An LSTM network is a type of RNN that uses special units as well as standard units.

To do this, the network takes three pieces of information:

  • Long term memory
  • Short term memory
  • An event

These three pieces of information go into a node, a mathematical operation is performed, which then produces an output the form of probability. This output is then used to update both the long and short term memory.

Specifically, the architecture of an LSTM contains several gates:

  • Forget gate
  • Learn gate
  • Remember gate
  • Use gate

At a high-level, here's how all these work together:

  • The long term memory goes to the forget gate, where it forgets everything that it doesn't consider useful.
  • The short term memory and the event are joined together in the learn gate, which contains information that was recently learned and removes unnecessary information.
  • The long term memory that we haven't forgotten and the new learned information gets joined together in the remember gate.
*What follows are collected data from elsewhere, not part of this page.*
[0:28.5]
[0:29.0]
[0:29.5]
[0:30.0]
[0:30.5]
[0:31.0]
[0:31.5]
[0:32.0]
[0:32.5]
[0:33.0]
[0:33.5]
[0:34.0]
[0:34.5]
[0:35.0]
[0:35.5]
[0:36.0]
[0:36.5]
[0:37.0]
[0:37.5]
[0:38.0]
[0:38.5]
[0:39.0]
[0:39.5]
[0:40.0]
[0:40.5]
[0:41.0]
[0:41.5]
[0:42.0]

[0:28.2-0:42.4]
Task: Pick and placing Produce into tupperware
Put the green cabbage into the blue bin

The remember gate outputs an updated long-term memory.
  • The use gate decides what information we use from what we previously know (long-term memory) and what we recently learned to make a prediction.
  • The output of the use gate is both the prediction and the new short term memory.

LSTM Architecture

Before looking at LSTMs let's recap the architecture of an RNN:

  • We take our event $E_t$ and memory $M_{t-1}$
  • We apply a simple tanh or sigmoid activation function to obtain the output and new memory $M_t$

The output is the prediction and also the memory that is carried to the next node.

The LSTM architecture is similar but with many more nodes inside, as well as two inputs and two outputs for long term $LTM_t$ and short term $STM_t$ memory.

The Learn Gate

The learn gate does the following:

  • Takes short term memory and the event and combines them
  • It then ignores part of it, only keeping what is deemed important.
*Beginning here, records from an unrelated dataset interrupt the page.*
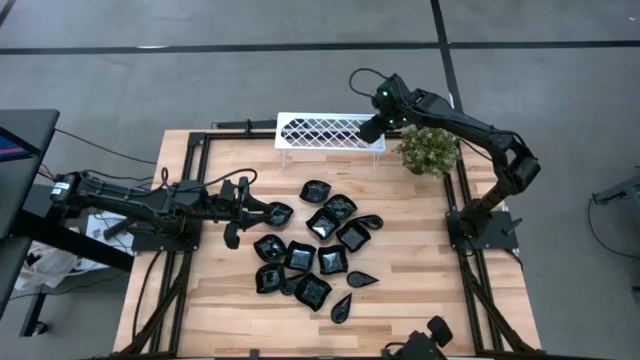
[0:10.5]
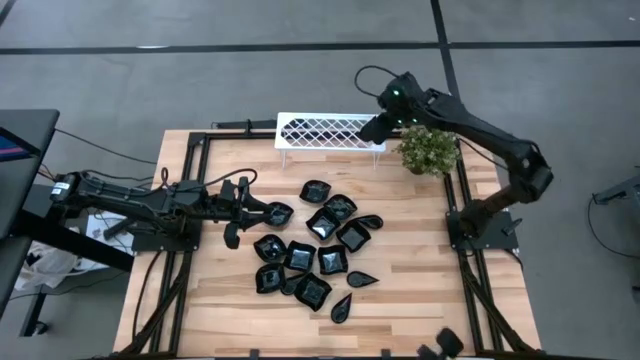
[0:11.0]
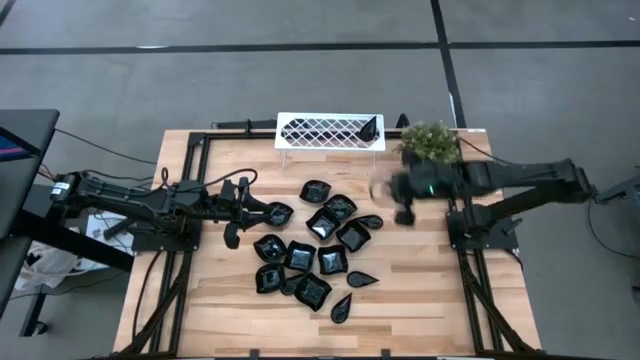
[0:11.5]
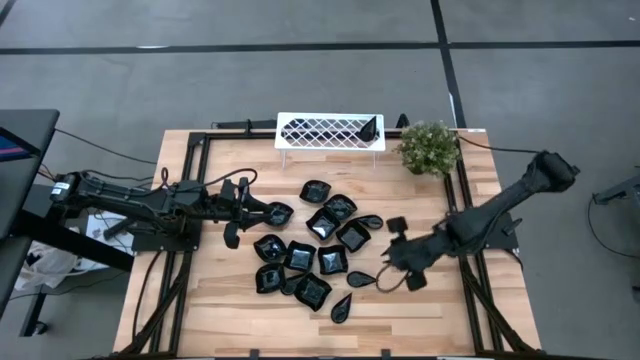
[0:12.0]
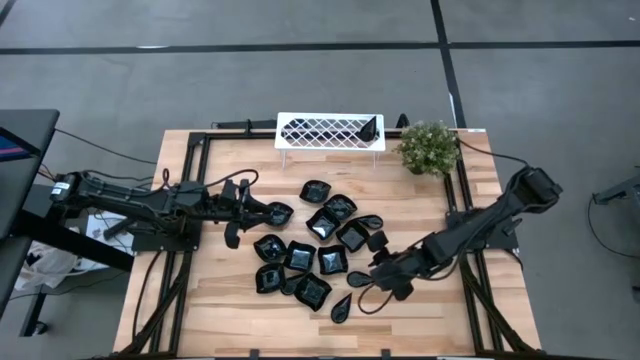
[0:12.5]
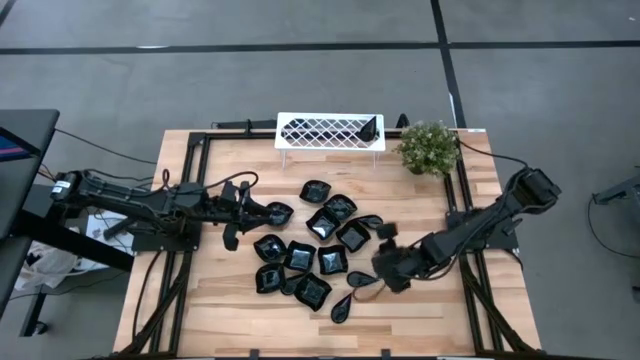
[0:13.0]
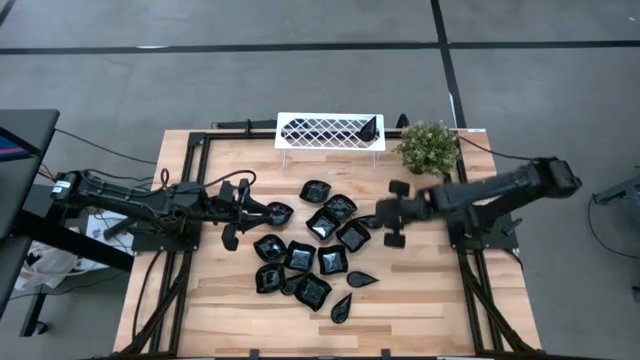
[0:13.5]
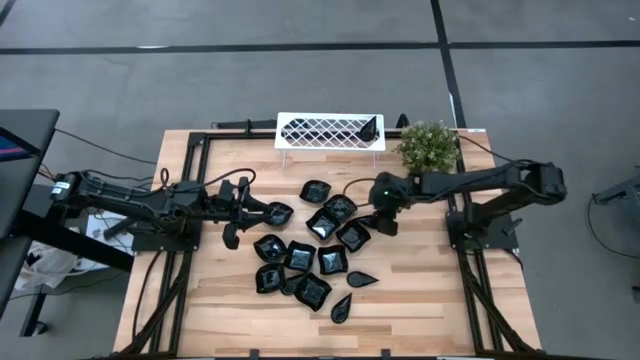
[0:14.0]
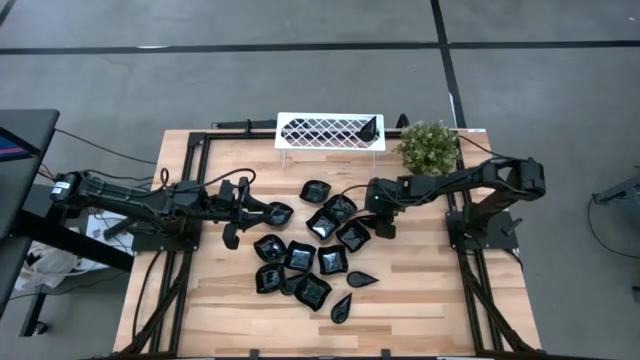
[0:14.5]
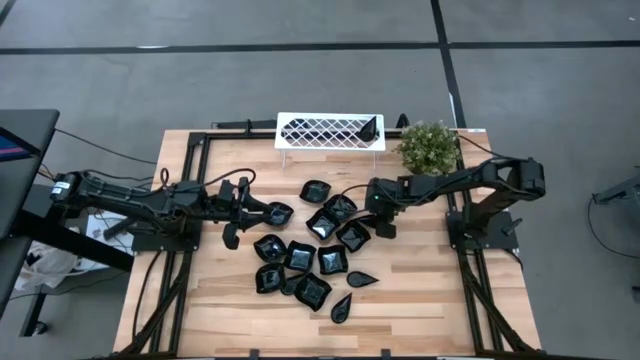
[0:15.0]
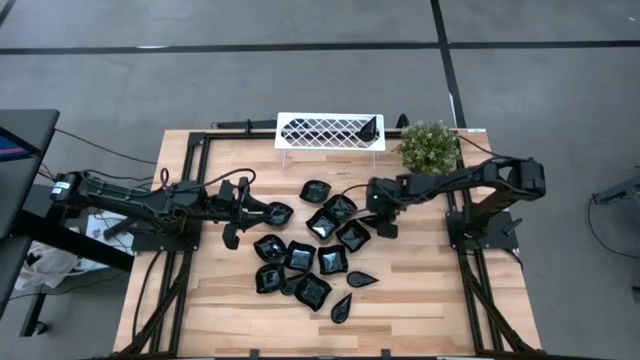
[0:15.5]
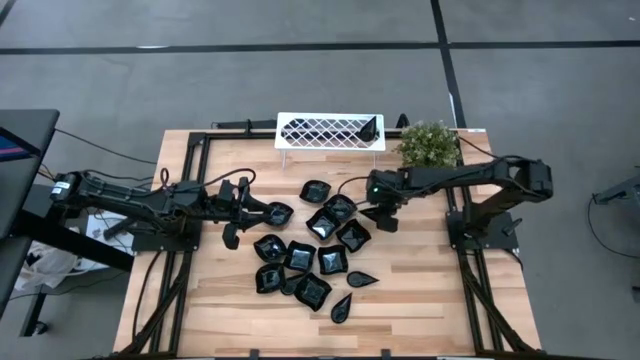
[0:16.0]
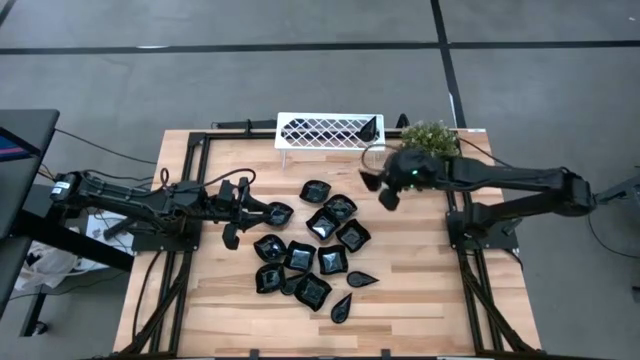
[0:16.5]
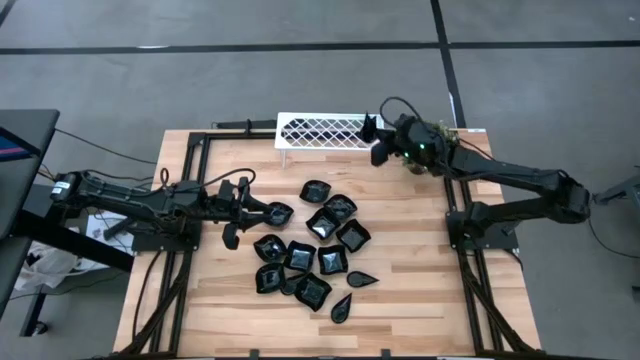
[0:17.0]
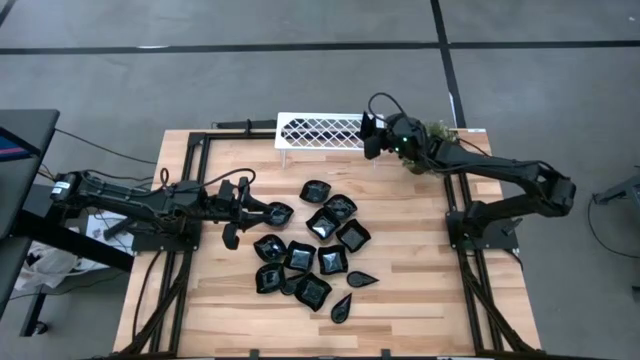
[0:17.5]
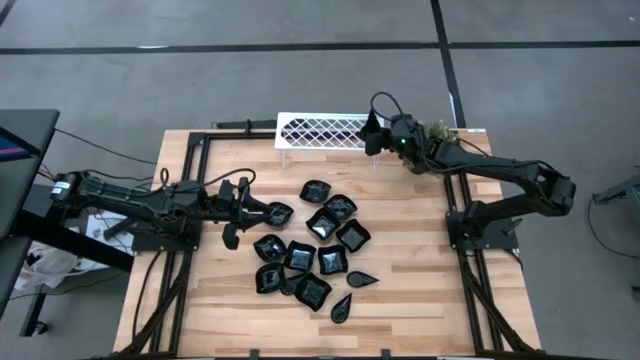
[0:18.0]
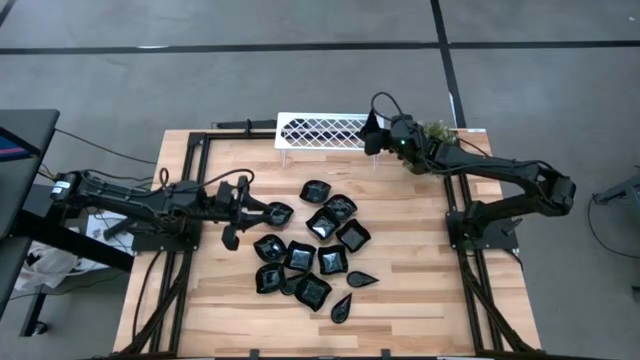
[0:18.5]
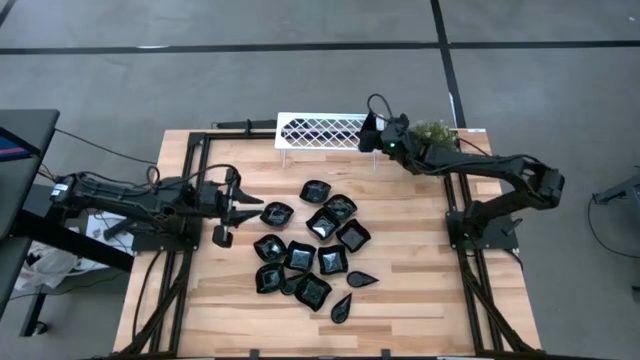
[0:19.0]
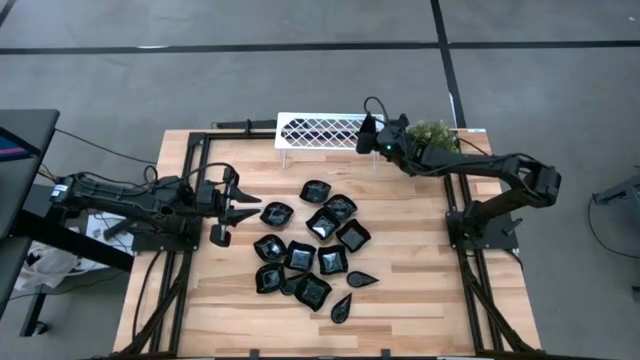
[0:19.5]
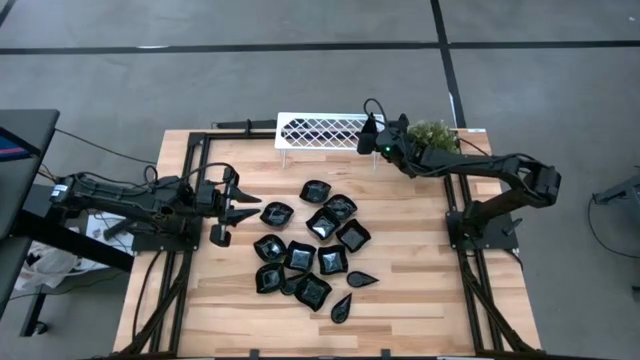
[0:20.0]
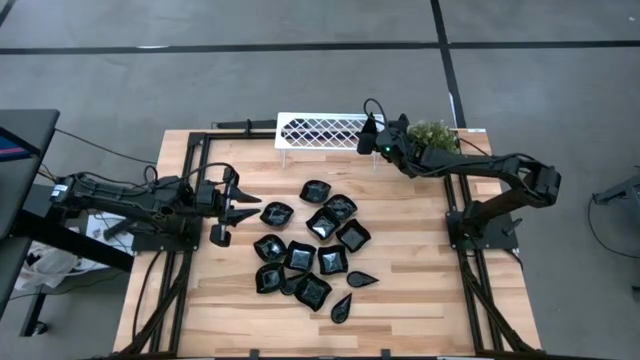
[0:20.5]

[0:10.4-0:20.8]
Task: Pick & Place Mini shaped plates
Stack the drop-shaped plate on top of the drop-shaped plate on the shelf

Mathematically, the output of the learn gate is $N_t i_t$ where:

$$N_t = tanh(W_n [STM_{t-1}, E_t] + b_t)$$

$$i_t = \sigma (W_i)[STM_{t-1}, E_t] + b_i$$

$N_t$ is the new information and $i_t$ is the ignore factor.

The Forget Gate

The forget gate takes long-term memory and decides what to keep, and what to forget.

Mathematically, the output of the Forget Gate is $LTM_{t-1}f_t$ where:

$$f_t = \sigma(W_f[STM_{t-1}, E_t] + b_f)$$

The Remember Gate

The remember gate takes the long-term memory from the forget gate and short-term memory from the learn gate and add them together.

The output of the remember gate is as follows:

$$LTM_{t-1} f_t + N_t i_t$$

The Use Gate

The use gate uses long-term memory from the gorget gate and short-term memory from the learn gate to establish a new long-term memory and an output. The output then works as the new short-term memory.

The output of the Use Gate is $U_t, V_t$ where:

$$U_t = tanh(W_u LTM_{t-1} f_t + b_u)$$

$$V_t = \sigma(W_v[STM_{t-1}, E_t] + b_v)$$

Four Gate LSTM Architecture

This is just one LSTM architecture, but here's an overview of how these gates all work together:

  • The Forget Gate takes long-term memory and forgets part of it
  • The Learn Gate takes short-term memory and combines it with the event
  • The Remember Gate combines our long-term memory with the new information learned in order to update the long-term memory and output it
  • The Use Gate takes the information just learned and long-term memory and uses it to make a prediction and update the short-term memory

Another popular LSTM architecture is the Gated Recurrent Unit (GRU).

2. Word Embeddings & Word2Vec

Now let's look at two useful techniques for natural language processing: word embeddings and word2vec.

Word Embeddings

Word embedding is the collective term for models that learn to map a set of words or phrases to vectors of numerical values—these vectors are called embeddings.

We can use neural network models to learn how to do word embedding. In particular, we can use this technique to reduce the dimensionality of text data.

Embedding models can also learn interesting characteristics of words in a vocabulary.

Next we'll look at the Word2vec model, which learns to map words to embeddings that contain semantic meaning. For example, word embeddings can learn the relationship between past and present tense verbs, the relationship between gendered words (such as queen and woman).

It's important to note that the embeddings are learning from a body of text, which means that word associations in the source text will be present in the embeddings. This leads to the risk that the mappings are biased or incorrect.

Embedding Weight Matrix

As mentioned, embeddings can improve the ability of networks to learn from text data by reducing its dimensionality.

For example, let's say we have a neural network that is learning from a document with 10,000+ different words. Using these words as input to a neural network, such as an RNN or LSTM, we can one-hot encode them, although this leads to huge vectors that are thousands of values long, and only one of them is the one-hot encoded vector.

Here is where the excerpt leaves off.